Effect of ATB-346 on IκBα degradation and NFκBp65 translocation

To investigate whether the cellular mechanism through ATB-346 could attenuate inflammatory processes we assessed Western blot analysis of the ipsilateral hemisphere after TBI, using an IκBα and an NFκB-specific antibodies. The results showed a basal expression of IκBα in the brain from sham-mice (Figure 1A, see densitometry analysis A1), while IκBα expression was significantly reduced in mice subject to TBI and TBZ administration, as showed in Figure 1A and 1A1. Naproxen treatment blunted the degradation of IκBα but ATB-346 was able to significantly restore IκBα degradation (Figure 1A, see densitometry analysis A1). Moreover, p65 subunit translocation was increased after TBI and TBZ injection in the nuclear brain homogenates, compared with sham-group. ATB-346 administration significantly reduced the translocation of p65 in nuclei compared to the TBI group (Figure 1B, see densitometry analysis B1).
Figure 1

Effects of ATB-346 on Nuclear factor κB ( NFκB ) pathway and pro-inflammatory enzymes. Degradation of IκBα was significantly blocked by Naproxen and ATB-346 treatment (A). Moreover, ATB-346 treatment resulted in an inhibition of nuclear translocation of p65 (B). Translocation of NFκB is a critical step in the coupling of extracellular stimuli to the transcriptional activation of specific target genes. A significant increase in inducible nitric oxide synthase (iNOS) and cyclooxygenase (COX)-2 (C and D, respectively) was observed in the injured area from TBI mice compared with the Sham mice. ATB-346-treated mice had notably reduced expression of pro-inflammatory enzymes (C and D, respectively). Data show one representative blot from three independent experiments with similar results. Mean ± SEM of four to five animals per group. One-way ANOVA, followed by Bonferroni’s multiple comparison test. ***P <0.001 versus sham, ##P <0.01, ###P <0.001 versus TBI, °P <0.05 versus TBI + naproxen.

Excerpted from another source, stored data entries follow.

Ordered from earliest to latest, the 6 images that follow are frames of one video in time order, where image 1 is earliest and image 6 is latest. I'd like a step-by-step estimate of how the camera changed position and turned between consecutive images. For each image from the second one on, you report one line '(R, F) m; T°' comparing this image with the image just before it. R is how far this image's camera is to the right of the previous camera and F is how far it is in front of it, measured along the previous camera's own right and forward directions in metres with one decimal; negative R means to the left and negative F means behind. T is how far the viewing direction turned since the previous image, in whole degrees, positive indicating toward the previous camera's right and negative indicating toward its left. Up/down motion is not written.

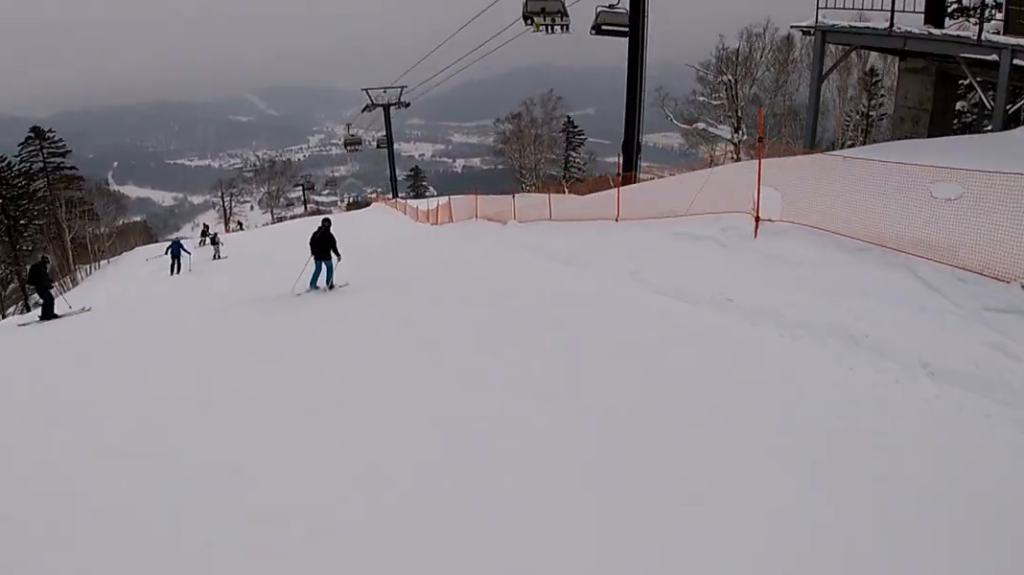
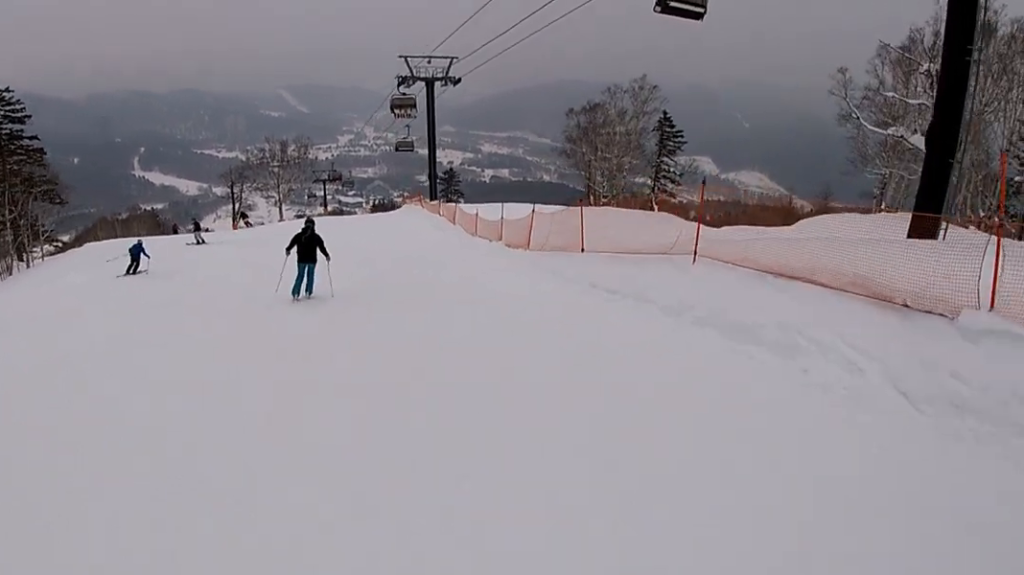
(-5.6, +15.0) m; -14°
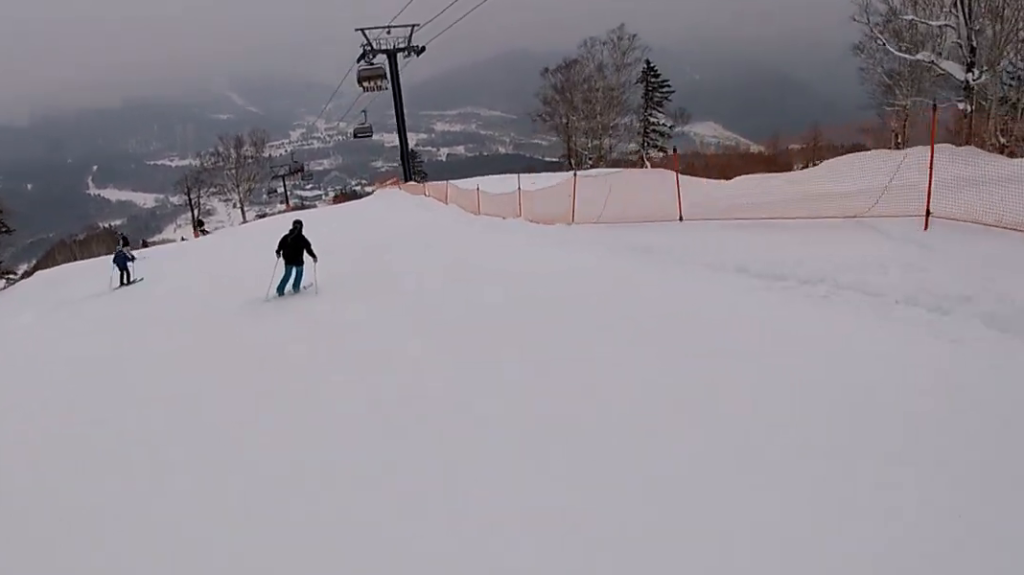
(+1.3, +4.1) m; +6°
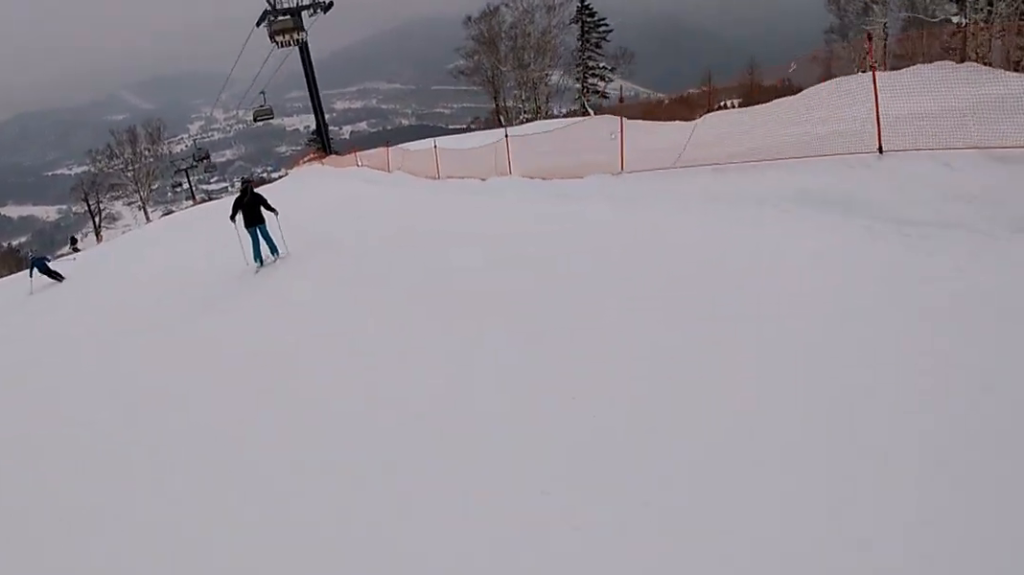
(+0.4, +5.0) m; +2°
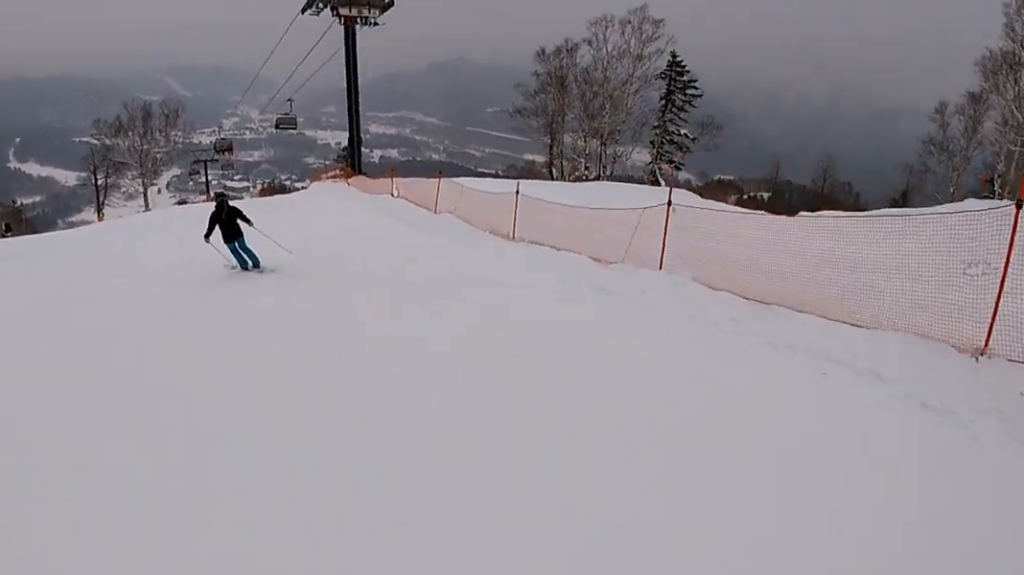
(-0.6, +6.0) m; -6°
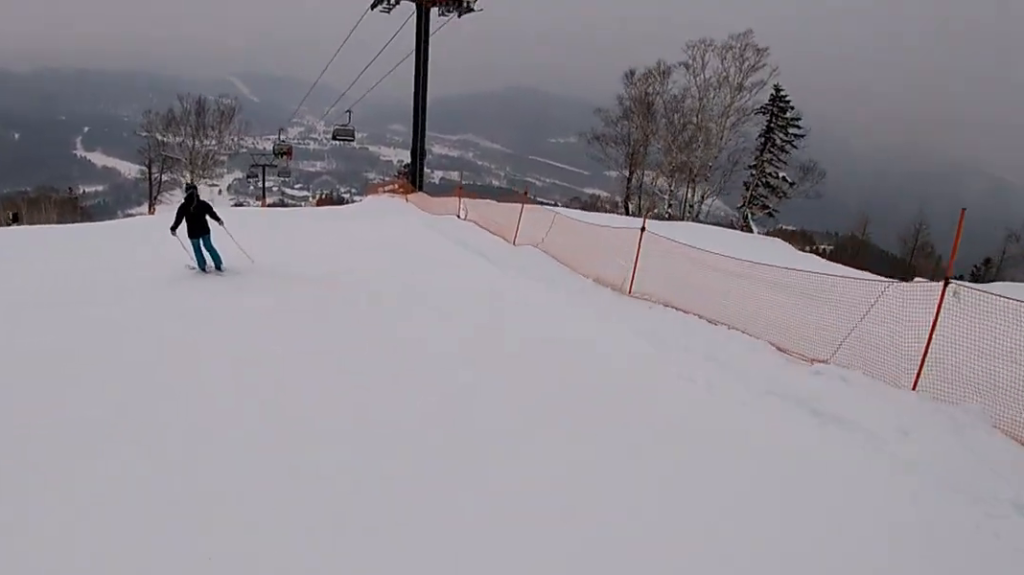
(0.0, +3.5) m; +4°

Effect of ATB-346 on iNOS and COX-2 expression

To determine the role of •NO produced during TBI, iNOS expression was evaluated by Western blot analysis. A significant increase in iNOS expression was observed in the contused area from mice subjected to TBI and TBZ administration (Figure 1C, see densitometry analysis C1). Consequently, naproxen reduced TBI-induced iNOS expression (Figure 1C, see densitometry analysis C1); on the other hand, a significant decrease in iNOS expression was observed after ATB-346 treatment (Figure 1C see densitometry analysis C1). Similarly, COX-2 expression was induced by TBI and TBZ administration compared to the sham group (Figure 1D, see densitometry analysis D1). Both treatments with naproxen and ATB-346 lowered COX-2 expression (Figure 1D, see densitometry analysis D1).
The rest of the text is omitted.